Cerebral palsy can be genetic rather than acquired at birth, new research has revealed.
The motor impairment is widely viewed as the result of oxygen deprivation during birth or other birth-related factors such as prematurity.
While this is true for many children, new research from Boston Children’s Hospital finds that as many as one in four have an underlying genetic condition with potential to change the overall approach to their care.
“In cerebral palsy, the first thing that comes to many physicians’ minds is birth injury or asphyxia,” says senior investigator Dr Siddharth Srivastava, MD, a neurologist in Boston Children’s Cerebral Palsy and Spasticity Program who specialises in neurogenetic disorders.
“That idea has become pervasive, in both neurology and orthopaedics training and in the general public.”

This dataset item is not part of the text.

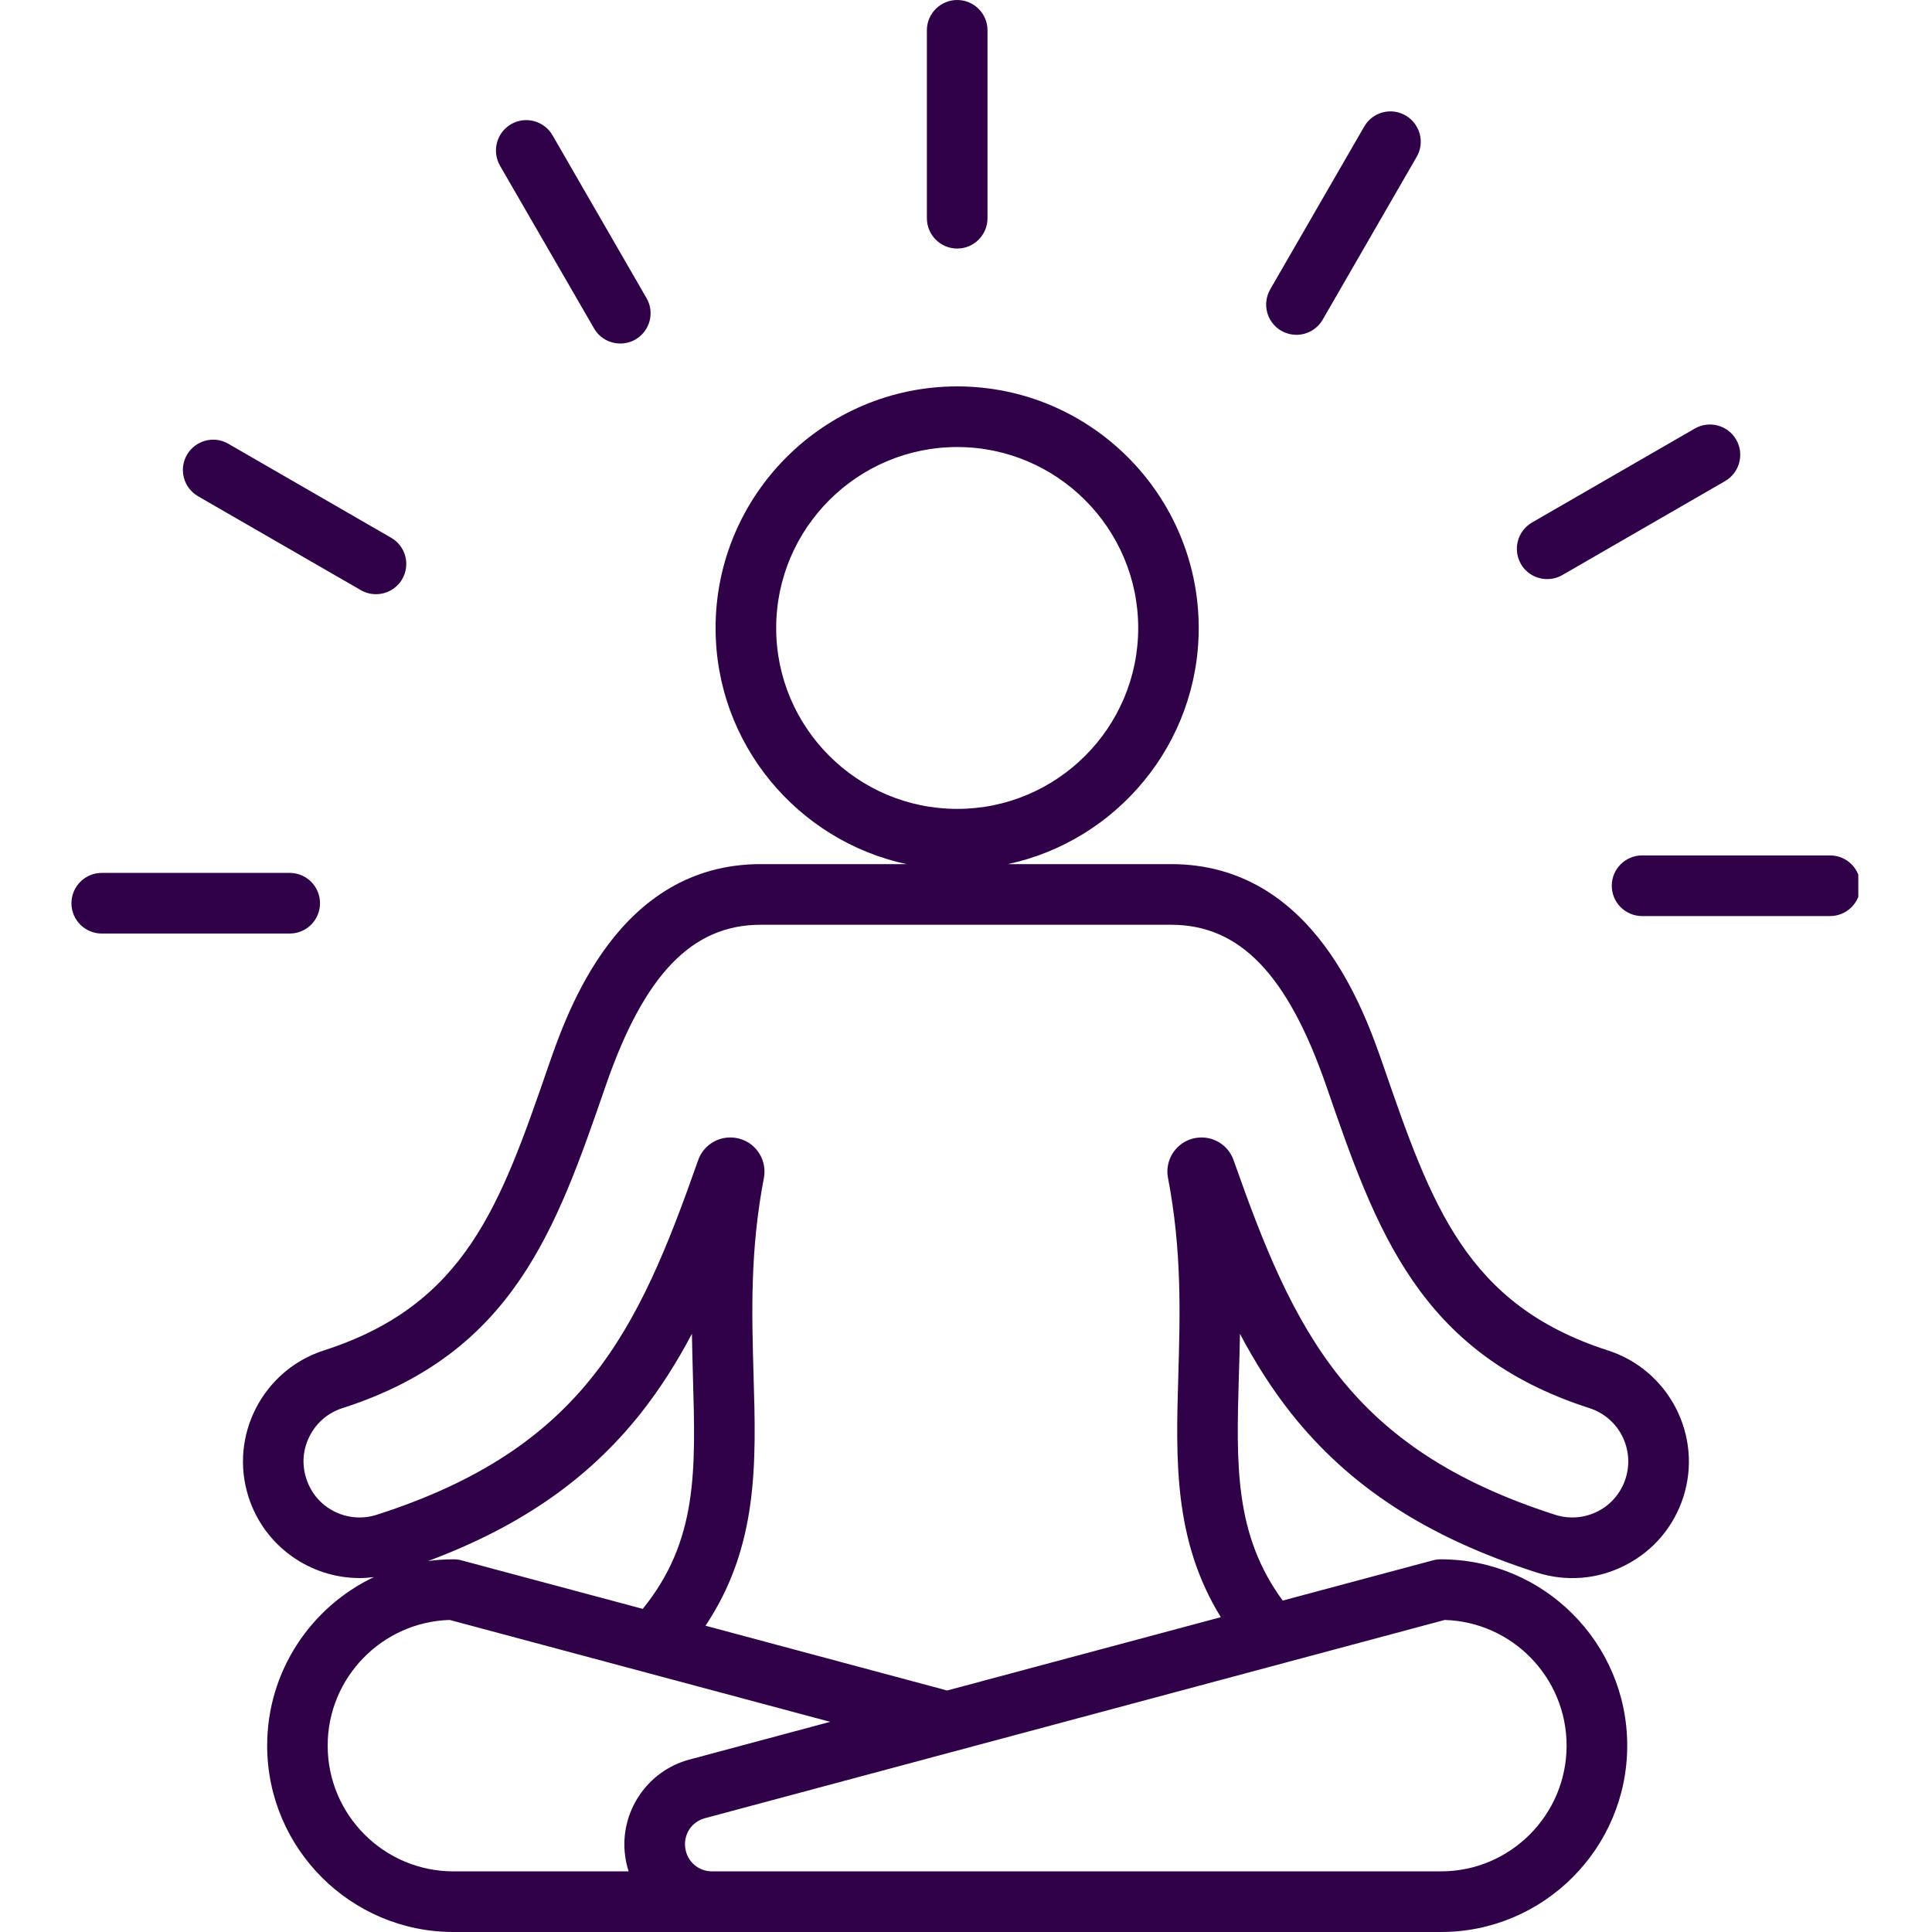 <svg xmlns="http://www.w3.org/2000/svg" xmlns:xlink="http://www.w3.org/1999/xlink" width="80" zoomAndPan="magnify" viewBox="0 0 60 60" height="80" preserveAspectRatio="xMidYMid meet" version="1.0"><defs><clipPath id="e1dde1cd8b"><path d="M 2.211 0 L 57.711 0 L 57.711 60 L 2.211 60 Z M 2.211 0 " clip-rule="nonzero"/></clipPath></defs><g clip-path="url(#e1dde1cd8b)"><path fill="#2f0147" d="M 49.934 41.938 C 45.531 40.523 44.453 37.414 42.965 33.109 C 42.371 31.395 40.797 26.836 36.367 26.836 L 31.301 26.836 C 34.684 26.109 37.227 23.098 37.227 19.504 C 37.227 15.367 33.863 12 29.727 12 C 25.59 12 22.223 15.367 22.223 19.504 C 22.223 23.098 24.77 26.109 28.152 26.836 L 23.625 26.836 C 19.199 26.836 17.625 31.395 17.031 33.109 C 15.543 37.414 14.465 40.523 10.059 41.938 C 8.16 42.551 7.109 44.594 7.719 46.492 C 8.211 48.027 9.637 49.008 11.168 49.008 C 11.316 49.008 11.465 48.996 11.613 48.977 C 9.656 49.906 8.297 51.902 8.297 54.211 C 8.297 57.402 10.891 60 14.082 60 L 44.75 60 C 47.941 60 50.535 57.402 50.535 54.211 C 50.535 51.02 47.941 48.426 44.75 48.426 C 44.664 48.426 44.586 48.434 44.504 48.457 L 39.836 49.707 C 38.332 47.66 38.395 45.477 38.473 42.758 C 38.488 42.328 38.5 41.883 38.508 41.422 C 38.961 42.281 39.48 43.109 40.094 43.887 C 41.906 46.172 44.328 47.746 47.723 48.836 C 48.645 49.129 49.625 49.051 50.484 48.605 C 51.344 48.164 51.98 47.414 52.277 46.492 C 52.887 44.594 51.836 42.551 49.934 41.938 Z M 24.105 19.504 C 24.105 16.406 26.629 13.883 29.727 13.883 C 32.824 13.883 35.348 16.406 35.348 19.504 C 35.348 22.602 32.824 25.121 29.727 25.121 C 26.629 25.121 24.105 22.602 24.105 19.504 Z M 19.961 49.965 L 14.328 48.457 C 14.246 48.434 14.164 48.426 14.082 48.426 C 13.816 48.426 13.551 48.445 13.293 48.48 C 16.16 47.41 18.277 45.938 19.902 43.887 C 20.516 43.109 21.035 42.281 21.488 41.422 C 21.496 41.883 21.508 42.328 21.52 42.758 C 21.605 45.684 21.672 47.852 19.961 49.965 Z M 10.176 54.211 C 10.176 52.098 11.867 50.371 13.965 50.309 L 25.781 53.473 L 21.41 54.645 C 20.094 54.996 19.234 56.281 19.414 57.633 C 19.434 57.797 19.473 57.961 19.523 58.117 L 14.082 58.117 C 11.93 58.117 10.176 56.367 10.176 54.211 Z M 44.867 50.309 C 46.965 50.371 48.652 52.098 48.652 54.211 C 48.652 56.367 46.902 58.117 44.75 58.117 L 22.113 58.117 C 21.688 58.117 21.336 57.809 21.281 57.387 C 21.223 56.961 21.484 56.574 21.895 56.465 Z M 50.484 45.918 C 50.344 46.359 50.035 46.723 49.625 46.934 C 49.211 47.145 48.738 47.184 48.297 47.043 C 41.883 44.984 40.18 41.348 38.312 36.035 C 38.141 35.543 37.645 35.254 37.137 35.34 C 36.625 35.426 36.254 35.867 36.254 36.387 C 36.254 36.445 36.258 36.504 36.27 36.562 C 36.707 38.832 36.648 40.801 36.594 42.703 C 36.516 45.332 36.441 47.836 37.914 50.223 L 29.414 52.5 L 21.91 50.488 C 23.559 48.02 23.484 45.426 23.402 42.703 C 23.348 40.801 23.289 38.832 23.727 36.562 C 23.738 36.504 23.742 36.445 23.742 36.387 C 23.742 35.867 23.371 35.426 22.859 35.34 C 22.348 35.254 21.852 35.543 21.68 36.035 C 19.816 41.348 18.113 44.984 11.699 47.043 C 11.254 47.184 10.785 47.145 10.371 46.934 C 9.957 46.723 9.652 46.359 9.512 45.918 C 9.367 45.477 9.406 45.004 9.621 44.59 C 9.832 44.18 10.191 43.871 10.637 43.73 C 15.938 42.027 17.27 38.18 18.809 33.723 C 20.004 30.262 21.492 28.719 23.625 28.719 L 36.367 28.719 C 38.504 28.719 39.988 30.262 41.188 33.723 C 42.727 38.18 44.059 42.027 49.359 43.73 C 49.801 43.871 50.164 44.18 50.375 44.59 C 50.586 45.004 50.625 45.477 50.484 45.918 Z M 28.785 6.777 L 28.785 0.941 C 28.785 0.422 29.207 0 29.727 0 C 30.246 0 30.668 0.422 30.668 0.941 L 30.668 6.777 C 30.668 7.297 30.246 7.719 29.727 7.719 C 29.207 7.719 28.785 7.297 28.785 6.777 Z M 15.527 5.145 C 15.27 4.691 15.422 4.117 15.875 3.855 C 16.324 3.598 16.898 3.75 17.16 4.203 L 20.078 9.258 C 20.34 9.707 20.184 10.281 19.734 10.543 C 19.586 10.629 19.422 10.668 19.266 10.668 C 18.938 10.668 18.621 10.5 18.449 10.199 Z M 5.805 14.125 C 6.066 13.676 6.641 13.52 7.09 13.781 L 12.145 16.699 C 12.598 16.957 12.75 17.535 12.492 17.984 C 12.316 18.285 12 18.453 11.676 18.453 C 11.516 18.453 11.355 18.414 11.207 18.328 L 6.148 15.41 C 5.699 15.148 5.547 14.574 5.805 14.125 Z M 8.996 28.992 L 3.16 28.992 C 2.641 28.992 2.219 28.57 2.219 28.051 C 2.219 27.531 2.641 27.109 3.16 27.109 L 8.996 27.109 C 9.52 27.109 9.938 27.531 9.938 28.051 C 9.938 28.57 9.52 28.992 8.996 28.992 Z M 39.449 8.984 L 42.367 3.93 C 42.625 3.48 43.203 3.324 43.652 3.586 C 44.102 3.848 44.258 4.422 43.996 4.871 L 41.078 9.926 C 40.902 10.23 40.586 10.398 40.262 10.398 C 40.102 10.398 39.941 10.355 39.793 10.273 C 39.34 10.012 39.188 9.438 39.449 8.984 Z M 47.234 17.516 C 46.973 17.062 47.129 16.488 47.578 16.227 L 52.633 13.309 C 53.082 13.051 53.66 13.203 53.918 13.652 C 54.18 14.105 54.023 14.68 53.574 14.941 L 48.52 17.859 C 48.371 17.945 48.207 17.984 48.051 17.984 C 47.723 17.984 47.406 17.816 47.234 17.516 Z M 57.777 27.508 C 57.777 28.027 57.355 28.449 56.836 28.449 L 50.996 28.449 C 50.477 28.449 50.055 28.027 50.055 27.508 C 50.055 26.988 50.477 26.566 50.996 26.566 L 56.836 26.566 C 57.355 26.566 57.777 26.988 57.777 27.508 Z M 57.777 27.508 " fill-opacity="1" fill-rule="nonzero"/></g></svg>

The research team sequenced the DNA of 50 patients with cerebral palsy (CP) through the hospital’s Children’s Rare Disease Cohorts (CRDC) genomics initiative.
The patients, whose average age was ten, had clinical exams and brain MRIs.
They fell into three groups: 20 had a known risk factor for CP, such as prematurity, a brain bleed, or oxygen deprivation; 24 had no known risk factors; and five were “CP masqueraders” — meeting most criteria for CP but experiencing deterioration of their condition over time (by definition, CP is a non-progressing disease).
“We wanted to include these three groups to reflect the breadth of patients we see,” explains Dr Srivastava.
Overall, sequencing identified a causative or likely causative genetic variant in 13 patients (26 per cent). These variants involved 13 different genes.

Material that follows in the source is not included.